Extracts shape and spatial features (HIF features) from a slide mask. This CLI extracts two sets of features. The first set are 'whole slide features', where the entire mask label is considred as a single region and features are extracted. These features are useful for determining things like total area of x tissue.

The second set of features are 'regional features', where each label is split up according to their connectivity and features are extracted from these smaller regions. These features are useful for determining things like solidity of the top ten largest regions of tissue y. Pixel intensity values from the WSI are unused. In order to generate connected regions, skimage generates a mask itself where different values coorespond to different regions, which removes the tissue type information from the original mask. So, the original mask is passed as an intensity image to ensure that each region can be associated with a tissue type.

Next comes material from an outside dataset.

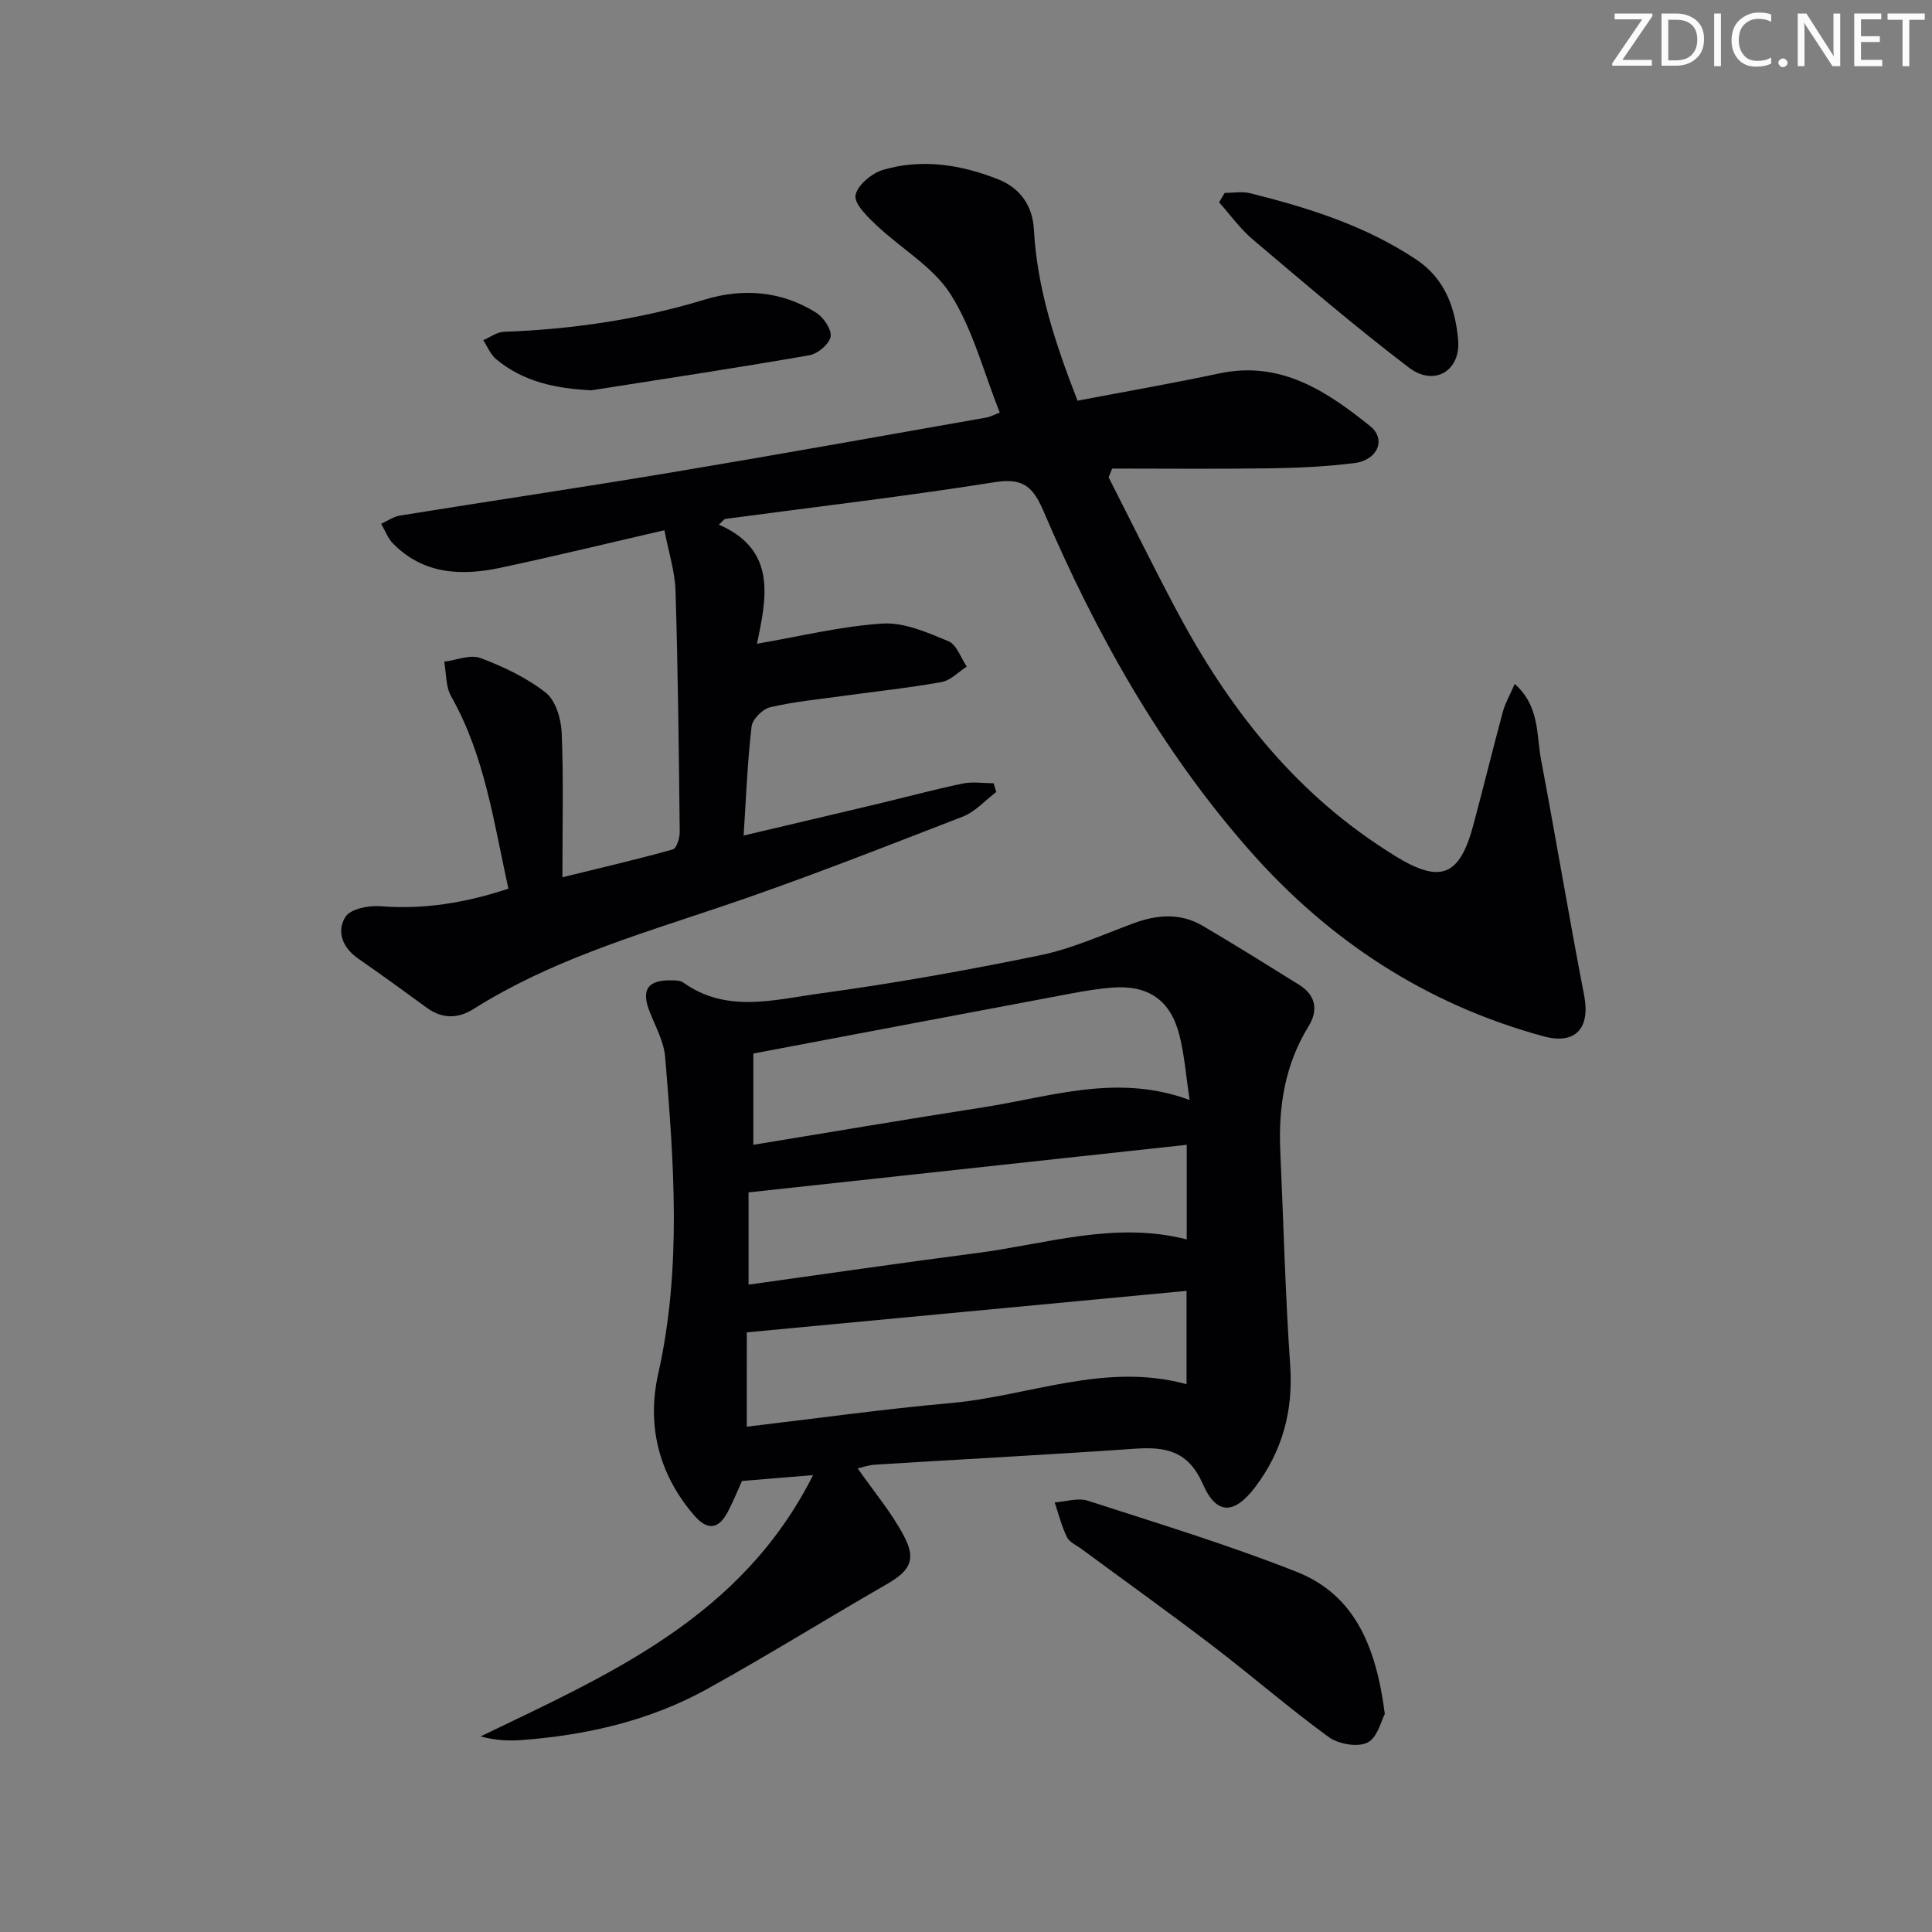 <svg enable-background="new 0 0 400 400" viewBox="0 0 400 400" xmlns="http://www.w3.org/2000/svg"><rect x="0" y="0" width="400" height="400" fill="#808080" stroke="none"/><g fill="#fafbfa"><path d="m342.2 3.2-6.3 9.2h6.1v1.2h-8.2v-.5l6.2-9.1h-5.7v-1.2h7.8v.4z"/><path d="m344 13.7v-10.9h3.1c1.6 0 3 .5 4.1 1.4 1.1 1 1.6 2.2 1.6 3.9s-.5 3-1.6 4-2.5 1.5-4.2 1.5h-3zm1.4-9.6v8.4h1.6c1.4 0 2.5-.4 3.2-1.1.8-.8 1.2-1.8 1.2-3.2s-.4-2.4-1.2-3.1-1.8-1-3.1-1z"/><path d="m356.3 2.8v10.9h-1.4v-10.9z"/><path d="m366.6 13.2c-.8.4-1.8.6-3 .6-1.6 0-2.8-.5-3.7-1.5s-1.4-2.3-1.4-3.9c0-1.7.5-3.2 1.6-4.2s2.4-1.6 4-1.6c1 0 1.9.1 2.6.4v1.5c-.8-.4-1.6-.6-2.6-.6-1.2 0-2.2.4-3 1.2s-1.1 1.9-1.1 3.3c0 1.3.4 2.3 1.1 3.1s1.6 1.1 2.8 1.1c1.1 0 2-.2 2.8-.7v1.3z"/><path d="m368.2 13c0-.3.1-.5.3-.6.2-.2.4-.3.6-.3.3 0 .5.1.7.3s.3.4.3.6-.1.5-.3.6c-.2.2-.4.3-.7.3s-.5-.1-.6-.3c-.2-.2-.3-.4-.3-.6z"/><path d="m381.1 13.7h-1.7l-5.5-8.4c-.2-.2-.3-.5-.4-.7 0 .2.1.8.1 1.5v7.6h-1.4v-10.9h1.8l5.3 8.3c.3.4.4.6.4.8 0-.3-.1-.8-.1-1.6v-7.5h1.4v10.9z"/><path d="m389.7 13.7h-5.8v-10.9h5.6v1.2h-4.2v3.5h3.9v1.2h-3.9v3.7h4.4z"/><path d="m398.4 4.1h-3.1v9.6h-1.4v-9.6h-3.1v-1.3h7.7v1.3z"/></g><path d="m148.84 108.62c12.17 5.3 9.79 15.37 7.89 24.66 8.94-1.53 17.43-3.64 26.01-4.18 4.48-.28 9.28 1.86 13.63 3.66 1.7.7 2.55 3.44 3.79 5.25-1.73 1.11-3.35 2.87-5.22 3.2-6.69 1.21-13.47 1.91-20.21 2.85-5.1.71-10.26 1.2-15.25 2.36-1.57.36-3.69 2.47-3.87 3.98-.85 7.24-1.13 14.54-1.65 22.59 9.53-2.25 18.47-4.34 27.41-6.47 5.97-1.42 11.89-3.03 17.9-4.29 2.06-.43 4.29-.07 6.44-.07.19.6.37 1.21.56 1.81-2.3 1.73-4.35 4.1-6.93 5.1-16.84 6.51-33.65 13.16-50.77 18.9-17.35 5.82-34.87 11.05-50.51 20.92-3.29 2.08-6.54 2.07-9.76-.29-4.7-3.44-9.42-6.85-14.2-10.18-3.22-2.25-4.47-5.64-2.57-8.61 1.06-1.64 4.79-2.38 7.21-2.19 8.95.71 17.5-.65 26.52-3.63-3.02-13.62-4.84-27.42-11.86-39.83-1.14-2.01-.99-4.76-1.43-7.17 2.53-.31 5.4-1.55 7.52-.75 4.76 1.79 9.54 4.06 13.5 7.17 2.05 1.61 3.18 5.41 3.3 8.27.4 9.59.15 19.21.15 29.95 8.55-2.1 15.75-3.77 22.86-5.77.78-.22 1.45-2.36 1.43-3.6-.18-16.65-.36-33.29-.87-49.93-.12-4-1.42-7.96-2.3-12.55-11.99 2.76-22.93 5.43-33.94 7.77-8.11 1.72-15.97 1.39-22.27-5.04-1.07-1.09-1.63-2.69-2.43-4.06 1.29-.59 2.53-1.49 3.89-1.71 18.68-3.01 37.39-5.78 56.05-8.9 21.77-3.64 43.5-7.54 65.24-11.37.93-.16 1.81-.64 2.89-1.04-3.33-8.37-5.55-17.17-10.15-24.46-3.63-5.74-10.3-9.51-15.42-14.37-1.86-1.77-4.62-4.43-4.29-6.19.39-2.09 3.39-4.57 5.73-5.25 8.08-2.37 16.16-1.07 23.86 1.99 4.5 1.79 7.08 5.46 7.34 10.4.66 12.28 4.49 23.72 9.03 35.41 9.83-1.88 19.6-3.57 29.3-5.64 12.72-2.72 22.24 3.63 31.29 10.91 3.38 2.72 1.54 7.04-3.23 7.64-5.76.73-11.6 1-17.41 1.09-10.93.16-21.86.05-32.78.05-.24.61-.49 1.21-.73 1.82 4.64 9.12 9.15 18.3 13.95 27.34 10.52 19.83 23.93 37.2 43.05 49.57.84.54 1.67 1.09 2.52 1.61 9.22 5.6 13.13 4.05 15.96-6.43 2.11-7.85 4.03-15.75 6.15-23.59.49-1.8 1.47-3.47 2.45-5.73 5.2 4.64 4.46 10.48 5.44 15.63 3.07 16.29 5.8 32.64 8.94 48.92 1.28 6.66-1.76 10.22-8.41 8.41-24.28-6.61-44.48-19.81-61.03-38.67-18.3-20.85-31.67-44.73-42.51-70.08-2.17-5.06-4.24-6.91-10.09-5.98-18.51 2.94-37.15 5.11-55.73 7.6-.31.03-.52.4-1.38 1.19z" fill="#010104"/><path d="m177.58 304.02c3.37 4.84 7.02 9.14 9.58 14.01 2.61 4.95 1.22 7.21-3.62 9.99-12.39 7.13-24.54 14.69-37.04 21.62-11.95 6.62-25.05 9.62-38.61 10.63-2.71.2-5.45.03-8.4-.76 26.72-12.89 53.98-24.6 68.85-54.1-5.64.46-9.99.82-14.72 1.21-.9 1.96-1.81 4.25-2.95 6.42-1.88 3.57-4.18 3.9-6.91.75-7.41-8.56-9.88-18.67-7.48-29.39 4.9-21.81 3.24-43.64 1.44-65.51-.26-3.2-1.98-6.31-3.2-9.38-1.82-4.57-.47-6.64 4.49-6.54.82.02 1.81 0 2.42.43 8.98 6.45 18.87 3.57 28.31 2.29 15.27-2.08 30.48-4.8 45.59-7.91 6.61-1.36 12.92-4.24 19.3-6.6 4.92-1.83 9.77-2.21 14.39.51 6.72 3.95 13.33 8.08 19.95 12.2 3.48 2.17 3.99 5.29 1.95 8.6-4.92 7.98-6.26 16.68-5.85 25.84.67 14.79 1.03 29.59 2.05 44.35.66 9.47-1.65 17.83-7.28 25.25-4.31 5.67-7.99 5.76-10.79-.64-3.02-6.9-7.67-7.79-14.07-7.35-17.91 1.25-35.84 2.18-53.76 3.3-1.47.09-2.9.62-3.64.78zm-21.61-67c16.21-2.65 31.88-5.33 47.59-7.76 13.93-2.16 27.75-7.08 42.74-1.52-.75-4.93-1.06-9.24-2.1-13.37-1.83-7.31-6.46-10.47-13.92-9.9-2.81.22-5.61.68-8.38 1.2-21.77 4.09-43.54 8.21-65.93 12.45zm-1.36 58.36c14.34-1.69 28.3-3.65 42.33-4.9 16.14-1.45 31.8-8.52 48.72-3.9 0-6.34 0-12.41 0-19.32-30.64 2.89-60.86 5.74-91.04 8.59-.01 6.34-.01 12.42-.01 19.53zm.37-48.51v19.1c15.92-2.21 31.48-4.5 47.07-6.51 14.47-1.86 28.75-6.69 43.65-2.85 0-6.57 0-12.83 0-19.59-30.27 3.29-60.18 6.53-90.72 9.85z" fill="#010104"/><path d="m286.71 354.85c-.72 1.32-1.51 4.91-3.58 5.93-2.05 1.02-6.01.33-8.03-1.14-8.19-5.95-15.85-12.63-23.9-18.78-8.97-6.86-18.16-13.43-27.25-20.13-1.06-.79-2.52-1.41-3.05-2.48-1.11-2.27-1.72-4.78-2.54-7.19 2.3-.16 4.83-1.01 6.86-.35 14.48 4.68 29.07 9.13 43.2 14.71 12.13 4.78 16.51 15.57 18.29 29.43z" fill="#010104"/><path d="m122.44 80.81c-7.31-.37-14.05-1.72-19.72-6.45-1.17-.97-1.8-2.6-2.67-3.93 1.42-.6 2.81-1.68 4.25-1.73 14.16-.53 28.02-2.53 41.62-6.68 7.88-2.4 15.86-1.79 23.03 2.7 1.54.97 3.26 3.48 3.02 4.96-.26 1.54-2.66 3.57-4.38 3.87-15.02 2.62-30.09 4.89-45.15 7.26z" fill="#010104"/><path d="m253.56 39.94c1.75 0 3.59-.35 5.23.06 12.11 3.01 23.96 6.74 34.48 13.77 5.94 3.97 8.05 10.05 8.62 16.62.55 6.39-4.94 9.7-10.17 5.73-11.08-8.42-21.66-17.51-32.3-26.5-2.64-2.23-4.7-5.13-7.02-7.73.39-.65.77-1.3 1.16-1.95z" fill="#010104"/></svg>

Args: slide_mask_urlpath (str): URL/path to slide mask (*.tif) label_cols (List[str]): list of labels that coorespond to those in slide_mask_urlpath output_urlpath (str): output URL/path prefix include_smaller_regions (bool): include the smaller regions (not just larget) storage_options (dict): storage options to pass to read functions output_storage_options (dict): storage options to pass to write functions local_config (str): local config YAML file

Returns:

Name Type Description
dict

output .tif path and the number of shapes for which features were generated

Source code in src/luna/pathology/cli/extract_shape_features.py
@timed
@save_metadata
def cli(
    slide_mask_urlpath: str = "???",
    label_cols: List[str] = "???",  # type: ignore
    output_urlpath: str = "???",  # type: ignore
    include_smaller_regions: bool = False,
    storage_options: dict = {},
    output_storage_options: dict = {},
    local_config: str = "",
):
    """Extracts shape and spatial features (HIF features) from a slide mask.
    This CLI extracts two sets of features. The first set are 'whole slide features', where
    the entire mask label is considred as a single region and features are extracted. These features
    are useful for determining things like total area of x tissue.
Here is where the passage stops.